• _Action item_
Needed from the data below: all lines that contain the word "green".
######
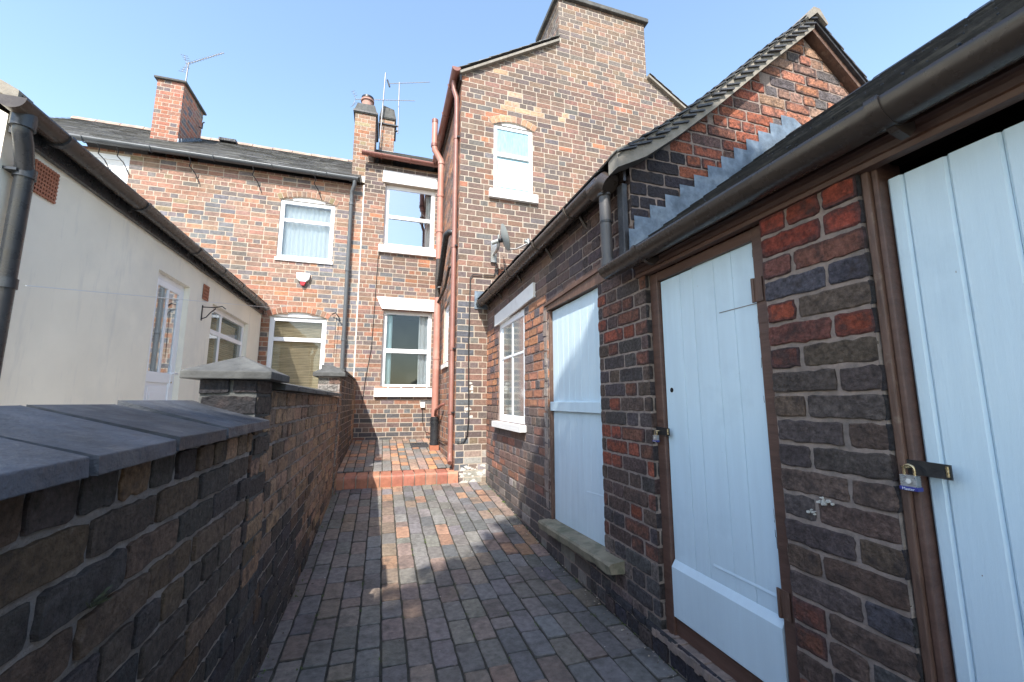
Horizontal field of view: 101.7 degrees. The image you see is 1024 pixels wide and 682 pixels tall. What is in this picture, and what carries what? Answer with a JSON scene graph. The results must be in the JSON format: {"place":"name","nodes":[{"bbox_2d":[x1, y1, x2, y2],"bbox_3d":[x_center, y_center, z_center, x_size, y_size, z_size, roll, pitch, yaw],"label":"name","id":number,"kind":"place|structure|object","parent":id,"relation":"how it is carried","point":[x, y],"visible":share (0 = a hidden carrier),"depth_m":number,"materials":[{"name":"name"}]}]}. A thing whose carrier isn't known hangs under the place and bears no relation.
{"place":"outdoors","nodes":[
{"label":"outdoors","id":0,"kind":"place"},
{"bbox_2d":[337,438,450,472],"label":"patio","id":1,"kind":"structure","parent":0,"point":[379,455],"depth_m":6.07,"materials":[{"name":"brick"}]},
{"bbox_2d":[410,442,428,447],"bbox_3d":[-1.546,1.734,6.956,0.285,0.059,0.210,3,-9,-17],"label":"drain grate","id":2,"kind":"object","parent":1,"relation":"on","point":[421,444],"visible":1,"depth_m":6.88,"materials":[{"name":"metal"}]},
{"bbox_2d":[255,481,687,681],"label":"path","id":3,"kind":"structure","parent":0,"point":[368,543],"depth_m":2.48,"materials":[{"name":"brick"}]},
{"bbox_2d":[336,468,457,490],"bbox_3d":[-1.434,1.730,5.198,1.489,0.190,0.251,3,-9,-17],"label":"brick step","id":4,"kind":"object","parent":3,"relation":"on","point":[371,480],"visible":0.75,"depth_m":5.11,"materials":[{"name":"red brick"}]},
{"bbox_2d":[257,484,673,681],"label":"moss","id":5,"kind":"object","parent":3,"relation":"on","point":[479,561],"visible":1,"depth_m":2.70,"materials":[{"name":"green plant"}]},
{"bbox_2d":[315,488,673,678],"bbox_3d":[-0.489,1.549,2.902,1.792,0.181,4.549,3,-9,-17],"label":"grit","id":6,"kind":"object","parent":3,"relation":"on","point":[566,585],"visible":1,"depth_m":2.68,"materials":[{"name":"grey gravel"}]},
{"bbox_2d":[350,0,687,482],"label":"brick house","id":7,"kind":"structure","parent":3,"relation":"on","point":[528,140],"depth_m":6.82,"materials":[{"name":"brick"}]},
{"bbox_2d":[361,252,379,407],"bbox_3d":[-2.607,-0.303,7.748,0.218,3.051,0.010,3,-9,-17],"label":"cable","id":8,"kind":"object","parent":7,"relation":"attached to","point":[372,329],"visible":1,"depth_m":7.74,"materials":[{"name":"black plastic"}]},
{"bbox_2d":[351,73,414,149],"bbox_3d":[-2.986,-5.261,9.660,1.408,2.111,0.126,3,-9,-17],"label":"tv aerial","id":9,"kind":"object","parent":7,"relation":"attached to","point":[382,107],"visible":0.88,"depth_m":9.65,"materials":[{"name":"metal"}]},
{"bbox_2d":[380,310,431,387],"bbox_3d":[-2.142,0.224,8.387,0.905,1.470,0.912,3,-9,-17],"label":"window","id":10,"kind":"structure","parent":7,"relation":"in","point":[406,337],"depth_m":8.21,"materials":[{"name":"white plastic"}]},
{"bbox_2d":[387,79,427,133],"bbox_3d":[-2.495,-5.638,9.973,1.008,1.545,0.102,3,-9,-17],"label":"tv aerial","id":11,"kind":"object","parent":7,"relation":"attached to","point":[397,125],"visible":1,"depth_m":9.90,"materials":[{"name":"metal"}]},
{"bbox_2d":[383,185,434,248],"bbox_3d":[-2.174,-2.386,8.753,0.970,1.280,0.912,3,-9,-17],"label":"window","id":12,"kind":"structure","parent":7,"relation":"in","point":[409,213],"depth_m":8.97,"materials":[{"name":"white plastic"}]},
{"bbox_2d":[422,408,455,441],"bbox_3d":[-1.143,1.321,6.621,0.138,0.527,2.576,3,-9,-21],"label":"cable","id":13,"kind":"object","parent":7,"relation":"attached to","point":[424,427],"visible":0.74,"depth_m":7.76,"materials":[{"name":"black plastic"}]},
{"bbox_2d":[445,305,448,361],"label":"window","id":14,"kind":"structure","parent":7,"relation":"in","point":[447,309],"depth_m":6.77,"materials":[{"name":"white plastic"}]},
{"bbox_2d":[457,254,496,441],"bbox_3d":[-0.465,0.003,5.644,0.517,2.657,0.025,3,-9,-17],"label":"cable","id":15,"kind":"object","parent":7,"relation":"attached to","point":[468,345],"visible":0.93,"depth_m":5.60,"materials":[{"name":"black plastic"}]},
{"bbox_2d":[490,224,529,262],"bbox_3d":[-0.087,-1.351,5.650,0.602,0.426,0.363,-4,-9,25],"label":"satellite dish","id":16,"kind":"object","parent":7,"relation":"attached to","point":[495,244],"visible":0.98,"depth_m":5.61,"materials":[{"name":"metal"}]},
{"bbox_2d":[493,123,531,193],"bbox_3d":[0.012,-2.729,6.249,0.610,1.125,0.064,3,-9,-17],"label":"window","id":17,"kind":"structure","parent":7,"relation":"in","point":[512,147],"depth_m":6.24,"materials":[{"name":"white plastic"}]},
{"bbox_2d":[0,0,989,159],"label":"sky","id":18,"kind":"structure","parent":0,"point":[287,72],"materials":[{"name":"blue"}]},
{"label":"ground","id":19,"kind":"structure","parent":0,"visible":0},
{"bbox_2d":[0,356,355,681],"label":"garden wall","id":20,"kind":"structure","parent":19,"relation":"on","point":[188,529],"depth_m":1.03,"materials":[{"name":"brick"}]},
{"bbox_2d":[86,584,113,608],"bbox_3d":[-0.734,0.458,0.747,0.026,0.034,0.070,3,-9,-17],"label":"wall weed","id":21,"kind":"object","parent":20,"relation":"attached to","point":[101,598],"depth_m":0.75,"materials":[{"name":"green plant"}]},
{"bbox_2d":[476,7,868,628],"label":"brick outbuilding","id":22,"kind":"structure","parent":19,"relation":"on","point":[570,480],"depth_m":2.87,"materials":[{"name":"brick"}]},
{"bbox_2d":[500,308,524,424],"bbox_3d":[0.019,0.304,4.632,0.050,1.180,0.970,3,-9,-17],"label":"window","id":23,"kind":"structure","parent":22,"relation":"in","point":[512,331],"depth_m":4.61,"materials":[{"name":"white plastic"}]},
{"bbox_2d":[550,288,604,545],"bbox_3d":[0.474,0.533,3.096,0.058,1.710,0.850,3,-9,-17],"label":"door","id":24,"kind":"structure","parent":22,"relation":"in","point":[576,406],"depth_m":3.04,"materials":[{"name":"white wood"}]},
{"bbox_2d":[598,0,1023,681],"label":"shed row","id":25,"kind":"object","parent":19,"relation":"on","point":[834,340],"visible":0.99,"depth_m":1.25,"materials":[{"name":"brick"}]},
{"bbox_2d":[652,430,659,441],"bbox_3d":[0.734,0.484,2.129,0.020,0.060,0.036,3,-9,-17],"label":"padlock","id":26,"kind":"object","parent":25,"relation":"hanging from","point":[656,438],"visible":1,"depth_m":2.12,"materials":[{"name":"metal"}]},
{"bbox_2d":[661,242,792,681],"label":"door","id":27,"kind":"structure","parent":25,"relation":"in","point":[726,580],"depth_m":1.76,"materials":[{"name":"wood"}]},
{"bbox_2d":[899,463,923,491],"bbox_3d":[1.053,0.360,1.105,0.024,0.070,0.042,3,-9,-17],"label":"padlock","id":28,"kind":"object","parent":25,"relation":"hanging from","point":[908,482],"visible":1,"depth_m":1.10,"materials":[{"name":"metal"}]},
{"bbox_2d":[888,121,1023,681],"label":"door","id":29,"kind":"structure","parent":25,"relation":"in","point":[958,216],"depth_m":1.03,"materials":[{"name":"white wood"}]},
{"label":"neighbouring yard","id":30,"kind":"structure","parent":0,"visible":0},
{"bbox_2d":[0,79,269,405],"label":"rendered extension","id":31,"kind":"object","parent":30,"relation":"on","point":[75,214],"visible":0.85,"depth_m":3.02,"materials":[{"name":"painted render"},{"name":"white upvc"},{"name":"black plastic"}]},
{"bbox_2d":[25,285,272,307],"bbox_3d":[-3.440,-0.445,4.800,0.006,0.976,5.052,2,-9,-16],"label":"washing line","id":32,"kind":"object","parent":31,"relation":"attached to","point":[128,294],"visible":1,"depth_m":3.15,"materials":[{"name":"white plastic"}]},
{"bbox_2d":[143,278,181,399],"bbox_3d":[-3.550,0.406,4.051,0.323,1.991,0.552,3,-9,-17],"label":"door","id":33,"kind":"structure","parent":31,"relation":"in","point":[160,365],"depth_m":4.14,"materials":[{"name":"white plastic"}]},
{"bbox_2d":[201,305,225,320],"bbox_3d":[-3.507,-0.326,4.905,0.242,0.185,0.020,3,-9,-17],"label":"hanging bracket","id":34,"kind":"object","parent":31,"relation":"attached to","point":[210,312],"visible":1,"depth_m":4.88,"materials":[{"name":"black metal"}]},
{"bbox_2d":[207,308,243,363],"bbox_3d":[-4.416,0.142,5.647,0.900,1.070,1.470,3,-9,-17],"label":"window","id":35,"kind":"structure","parent":31,"relation":"in","point":[226,332],"depth_m":5.97,"materials":[{"name":"white plastic"}]},
{"bbox_2d":[51,75,362,388],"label":"terraced house","id":36,"kind":"structure","parent":30,"relation":"on","point":[277,233],"depth_m":7.54,"materials":[{"name":"brick"}]},
{"bbox_2d":[97,143,108,167],"bbox_3d":[-6.674,-2.981,6.803,0.065,0.386,0.222,-3,-9,18],"label":"wire hook","id":37,"kind":"object","parent":36,"relation":"attached to","point":[101,156],"visible":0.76,"depth_m":6.81,"materials":[{"name":"black metal"}]},
{"bbox_2d":[89,151,129,183],"bbox_3d":[-6.921,-2.431,6.795,1.050,1.390,0.050,3,-9,-17],"label":"window","id":38,"kind":"structure","parent":36,"relation":"in","point":[114,163],"depth_m":6.95,"materials":[{"name":"white plastic"}]},
{"bbox_2d":[116,146,128,174],"bbox_3d":[-6.435,-2.970,6.876,0.065,0.386,0.222,-3,-9,18],"label":"wire hook","id":39,"kind":"object","parent":36,"relation":"attached to","point":[121,160],"visible":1,"depth_m":6.89,"materials":[{"name":"black metal"}]},
{"bbox_2d":[189,157,199,183],"bbox_3d":[-5.480,-2.928,7.169,0.065,0.386,0.222,-3,-9,18],"label":"wire hook","id":40,"kind":"object","parent":36,"relation":"attached to","point":[193,170],"visible":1,"depth_m":7.18,"materials":[{"name":"black metal"}]},
{"bbox_2d":[181,52,223,80],"bbox_3d":[-6.630,-5.748,8.908,0.733,1.160,0.168,3,-9,-17],"label":"tv aerial","id":41,"kind":"object","parent":36,"relation":"attached to","point":[192,62],"visible":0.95,"depth_m":8.86,"materials":[{"name":"metal"}]},
{"bbox_2d":[266,313,326,388],"bbox_3d":[-3.941,0.266,7.803,0.920,1.440,0.900,3,-9,-17],"label":"window","id":42,"kind":"structure","parent":36,"relation":"in","point":[296,346],"depth_m":7.47,"materials":[{"name":"white plastic"}]},
{"bbox_2d":[296,272,310,285],"bbox_3d":[-3.758,-1.108,7.506,0.220,0.225,0.072,3,-9,-17],"label":"alarm box","id":43,"kind":"object","parent":36,"relation":"attached to","point":[303,278],"visible":1,"depth_m":7.48,"materials":[{"name":"white plastic"}]},
{"bbox_2d":[277,198,334,261],"bbox_3d":[-3.919,-2.006,8.127,0.920,1.210,0.900,3,-9,-17],"label":"window","id":44,"kind":"structure","parent":36,"relation":"in","point":[306,230],"depth_m":7.77,"materials":[{"name":"white plastic"}]},
{"bbox_2d":[332,312,340,356],"bbox_3d":[-3.186,-0.115,7.505,0.157,0.809,0.071,1,-8,-9],"label":"wall hook","id":45,"kind":"object","parent":36,"relation":"attached to","point":[335,330],"depth_m":7.53,"materials":[{"name":"black metal"}]}
]}

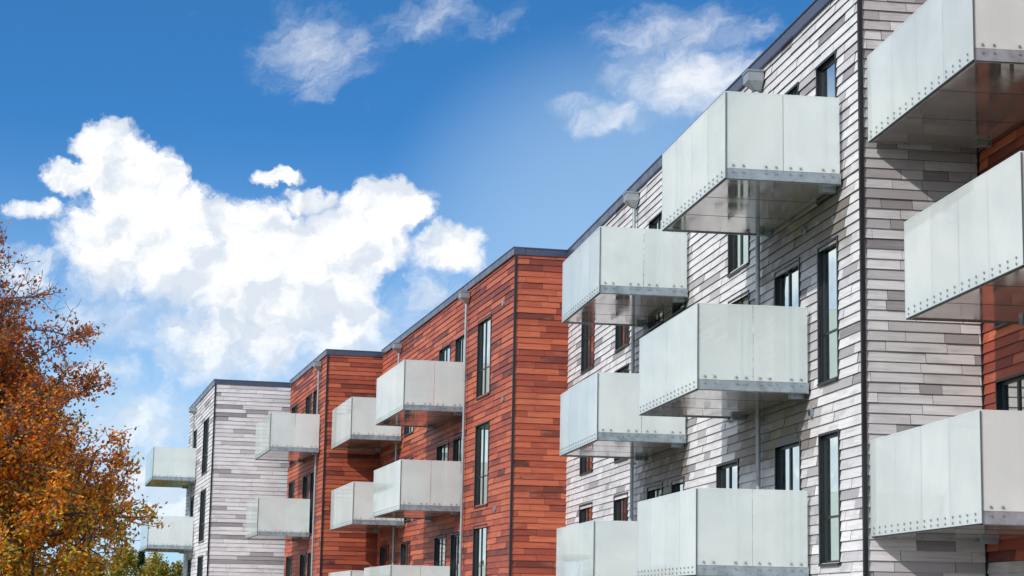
######
• _Task output_
{"bbox_2d":[257,484,673,681],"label":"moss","id":5,"kind":"object","parent":3,"relation":"on","point":[479,561],"visible":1,"depth_m":2.70,"materials":[{"name":"green plant"}]},
{"bbox_2d":[86,584,113,608],"bbox_3d":[-0.734,0.458,0.747,0.026,0.034,0.070,3,-9,-17],"label":"wall weed","id":21,"kind":"object","parent":20,"relation":"attached to","point":[101,598],"depth_m":0.75,"materials":[{"name":"green plant"}]},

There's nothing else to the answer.